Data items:
□ □ □ □ □ □ □

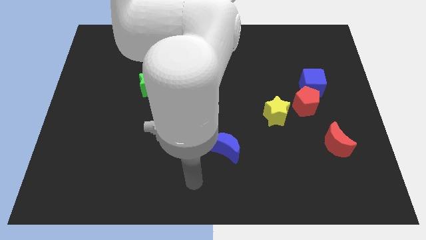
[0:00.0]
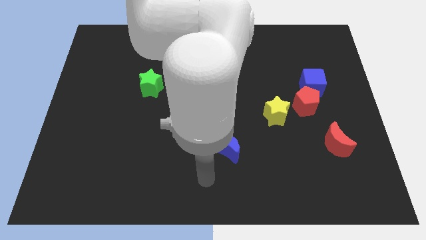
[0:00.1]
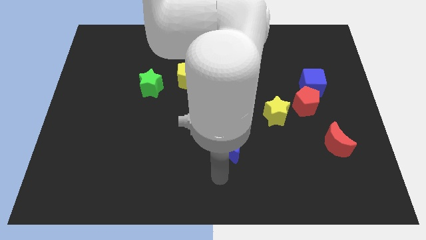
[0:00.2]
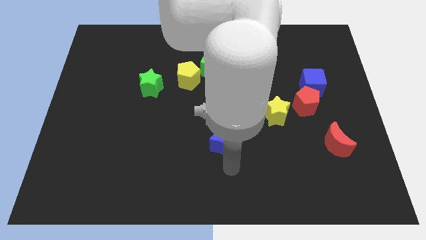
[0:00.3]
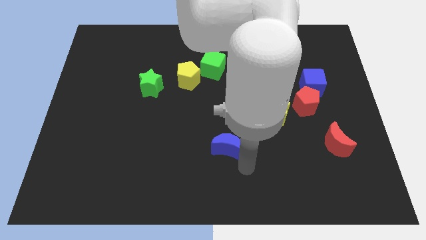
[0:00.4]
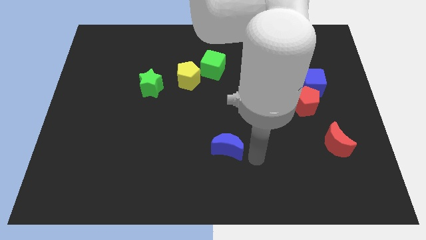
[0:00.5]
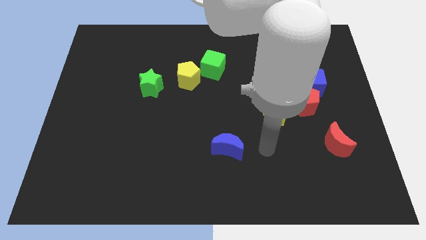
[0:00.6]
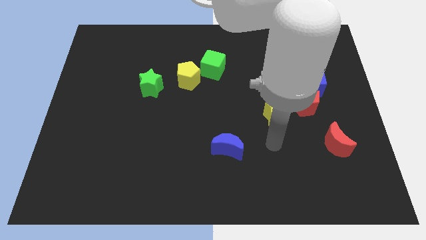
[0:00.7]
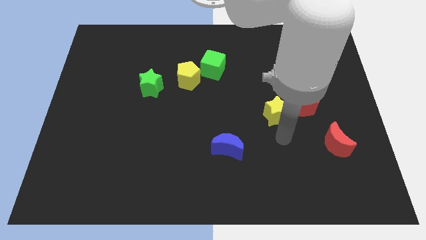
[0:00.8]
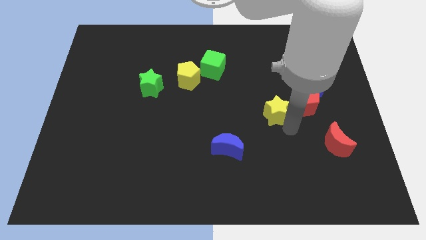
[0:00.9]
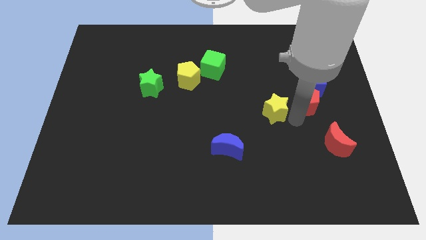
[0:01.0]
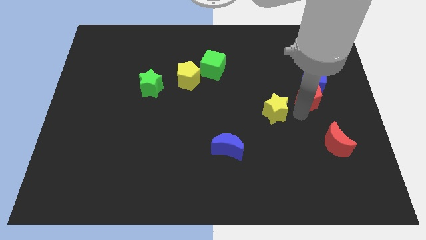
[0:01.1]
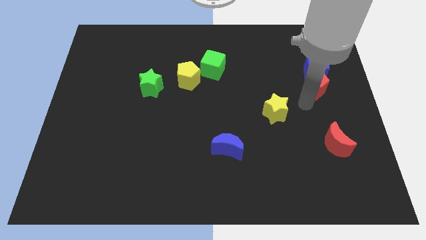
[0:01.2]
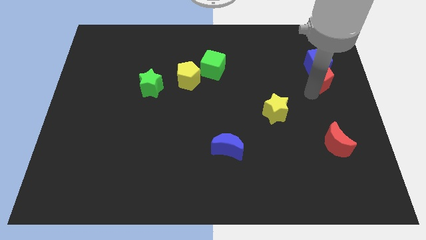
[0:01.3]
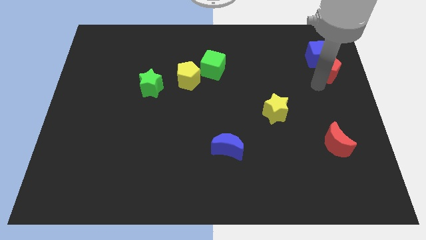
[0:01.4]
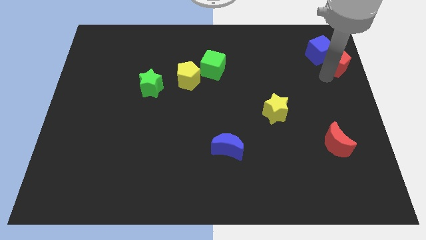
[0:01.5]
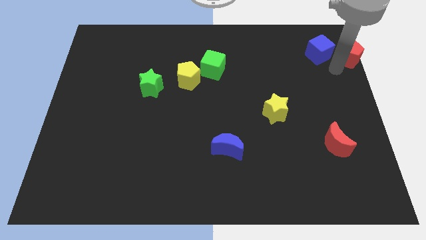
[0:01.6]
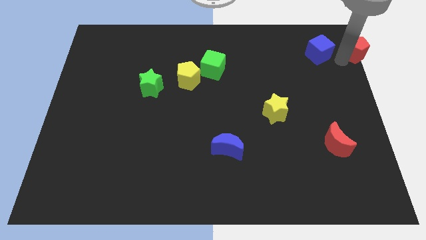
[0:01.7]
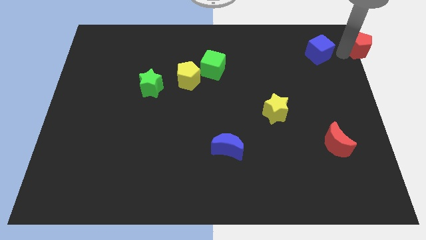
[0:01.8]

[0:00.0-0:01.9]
move the blue cube away from the red pentagon

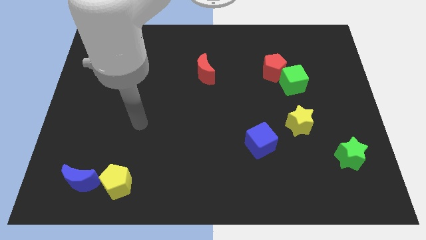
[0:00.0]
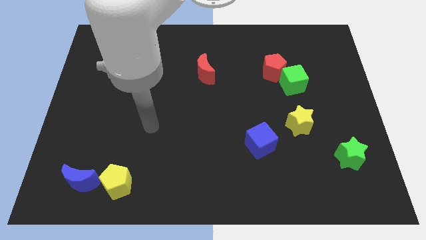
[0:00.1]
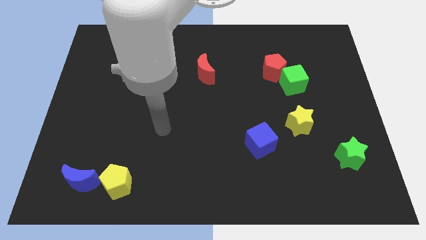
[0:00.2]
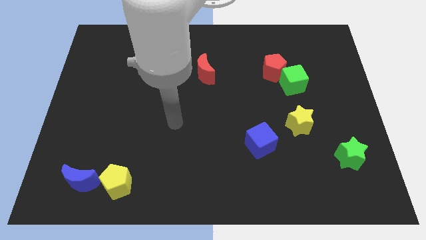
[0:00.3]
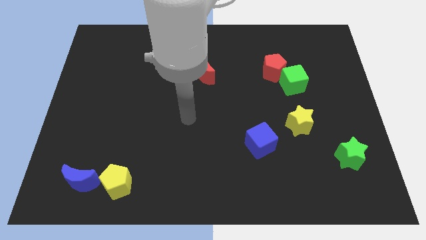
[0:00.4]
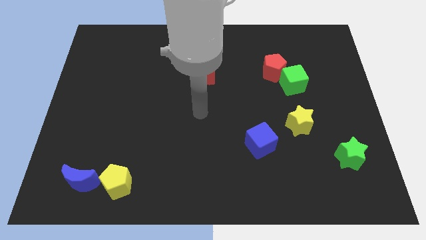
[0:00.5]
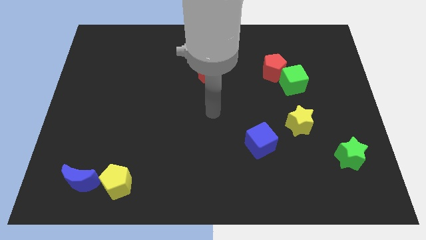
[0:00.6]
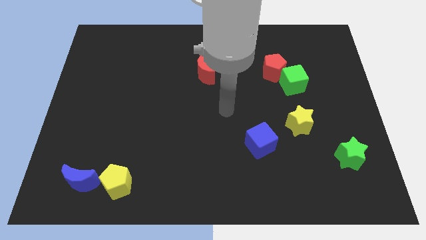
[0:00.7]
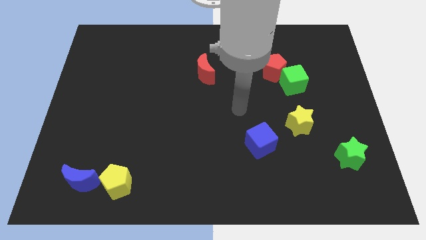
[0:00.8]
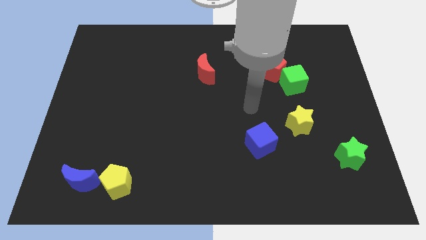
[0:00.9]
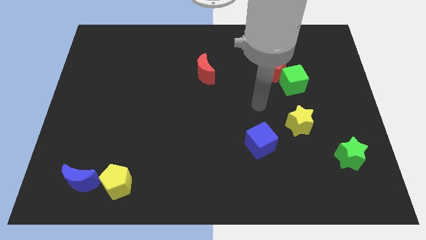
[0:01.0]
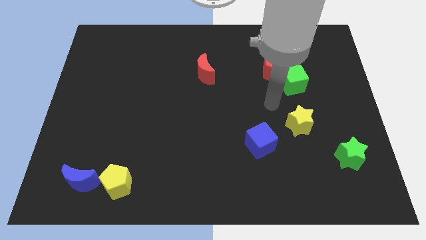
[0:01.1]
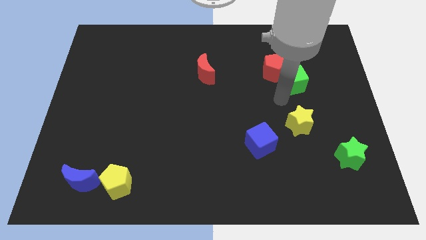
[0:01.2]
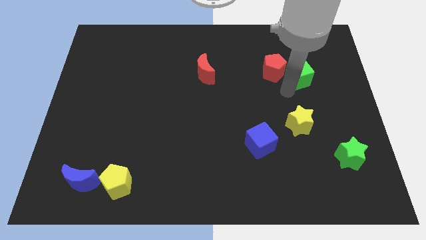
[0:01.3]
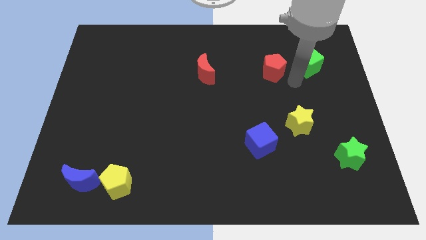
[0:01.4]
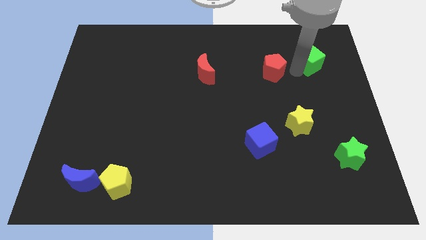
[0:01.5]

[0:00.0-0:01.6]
move the red pentagon away from the green cube

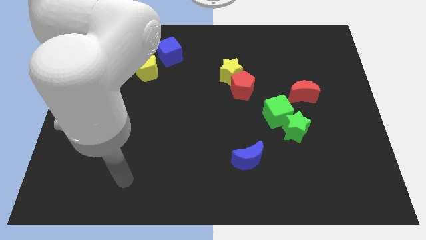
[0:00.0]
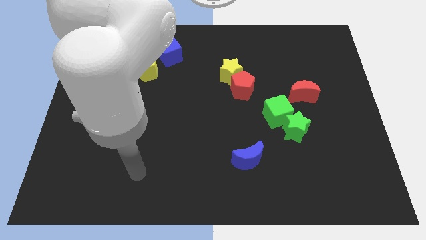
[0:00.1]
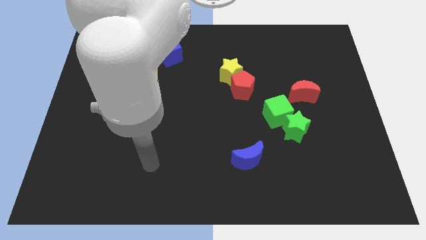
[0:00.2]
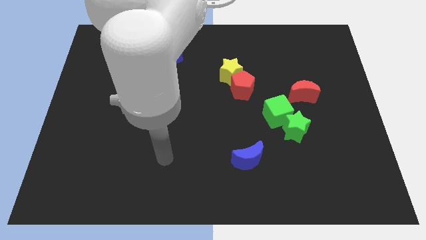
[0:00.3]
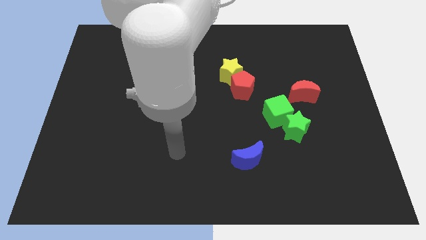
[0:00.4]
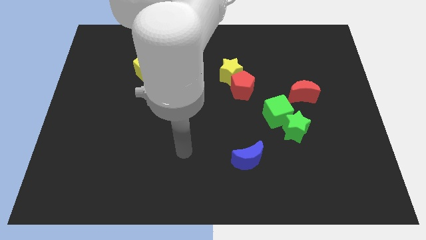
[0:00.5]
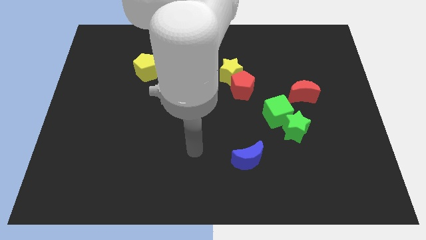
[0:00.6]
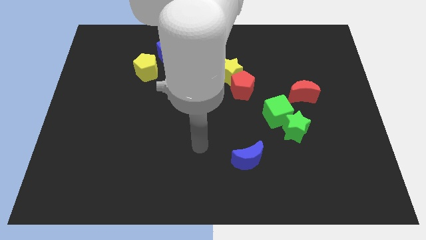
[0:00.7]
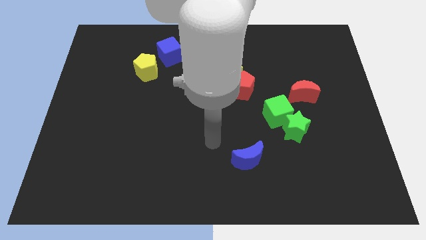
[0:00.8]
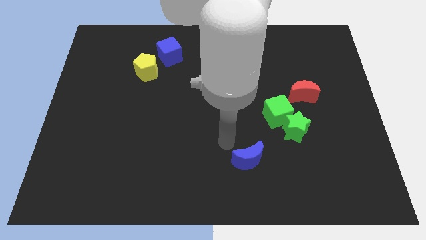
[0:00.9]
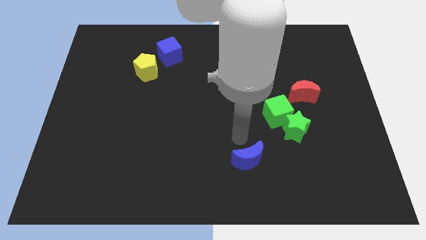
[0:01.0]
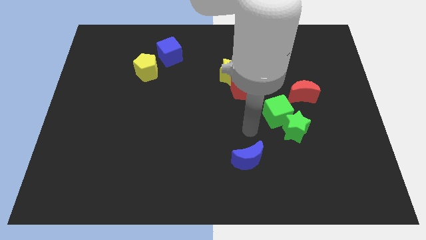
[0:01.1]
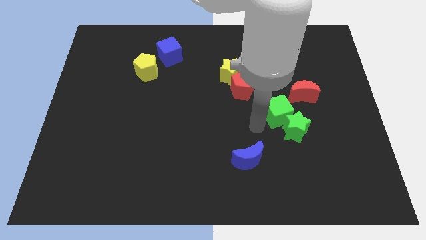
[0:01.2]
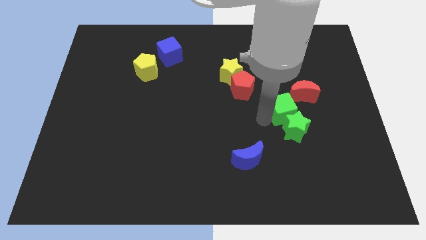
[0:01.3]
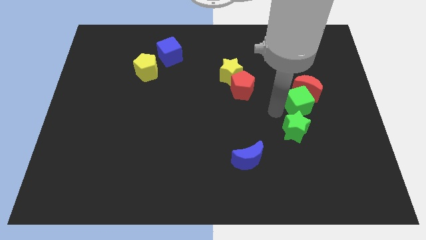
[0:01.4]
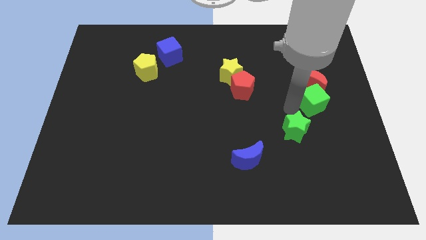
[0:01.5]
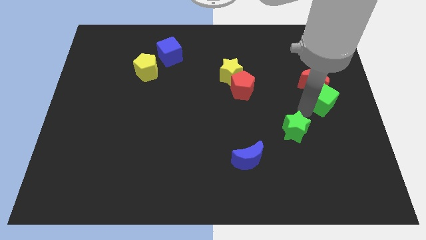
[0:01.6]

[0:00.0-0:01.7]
pull the green star apart from the green cube

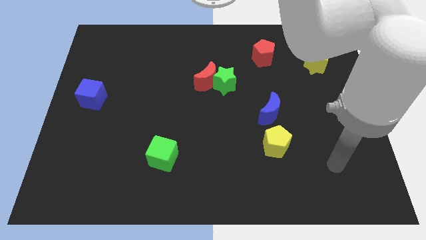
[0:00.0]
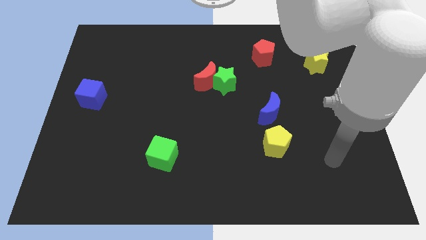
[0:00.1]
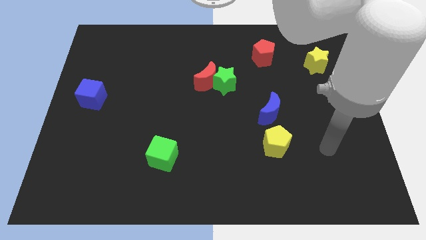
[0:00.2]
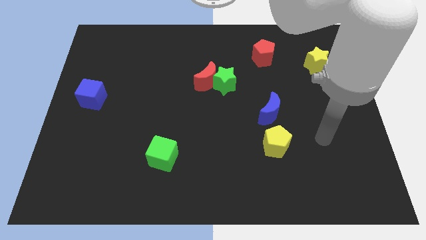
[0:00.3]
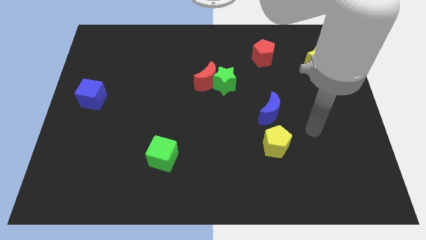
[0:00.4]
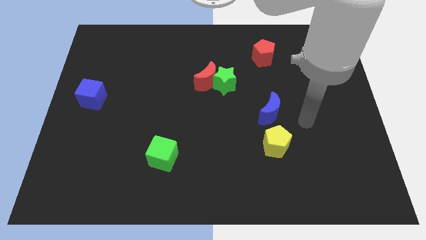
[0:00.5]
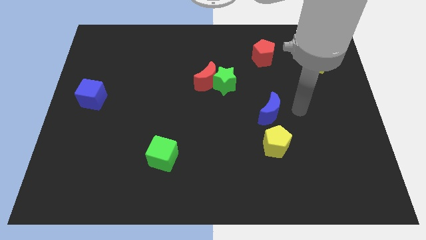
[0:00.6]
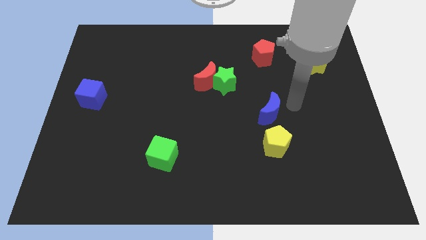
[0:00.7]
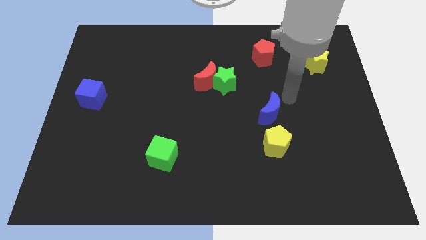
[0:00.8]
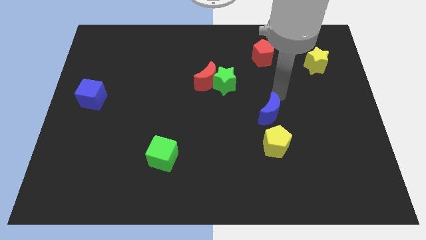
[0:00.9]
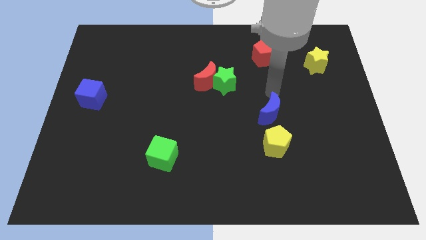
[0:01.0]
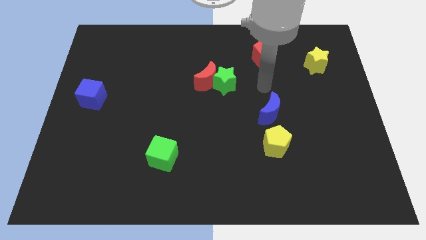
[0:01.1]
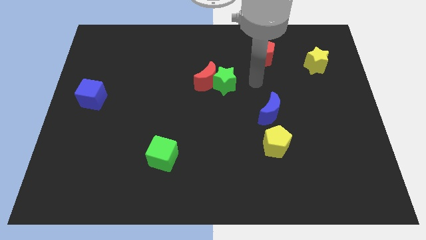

□ □ □ □ □ □ □

# WORK INSTRUCTIONS
Please make an exact copy of the records, leaving out any picture.

# OUTPUT FOR THIS TASK
[0:00.0]
[0:00.1]
[0:00.2]
[0:00.3]
[0:00.4]
[0:00.5]
[0:00.6]
[0:00.7]
[0:00.8]
[0:00.9]
[0:01.0]
[0:01.1]
[0:01.2]
[0:01.3]
[0:01.4]
[0:01.5]
[0:01.6]
[0:01.7]
[0:01.8]

[0:00.0-0:01.9]
move the blue cube away from the red pentagon

[0:00.0]
[0:00.1]
[0:00.2]
[0:00.3]
[0:00.4]
[0:00.5]
[0:00.6]
[0:00.7]
[0:00.8]
[0:00.9]
[0:01.0]
[0:01.1]
[0:01.2]
[0:01.3]
[0:01.4]
[0:01.5]

[0:00.0-0:01.6]
move the red pentagon away from the green cube

[0:00.0]
[0:00.1]
[0:00.2]
[0:00.3]
[0:00.4]
[0:00.5]
[0:00.6]
[0:00.7]
[0:00.8]
[0:00.9]
[0:01.0]
[0:01.1]
[0:01.2]
[0:01.3]
[0:01.4]
[0:01.5]
[0:01.6]

[0:00.0-0:01.7]
pull the green star apart from the green cube

[0:00.0]
[0:00.1]
[0:00.2]
[0:00.3]
[0:00.4]
[0:00.5]
[0:00.6]
[0:00.7]
[0:00.8]
[0:00.9]
[0:01.0]
[0:01.1]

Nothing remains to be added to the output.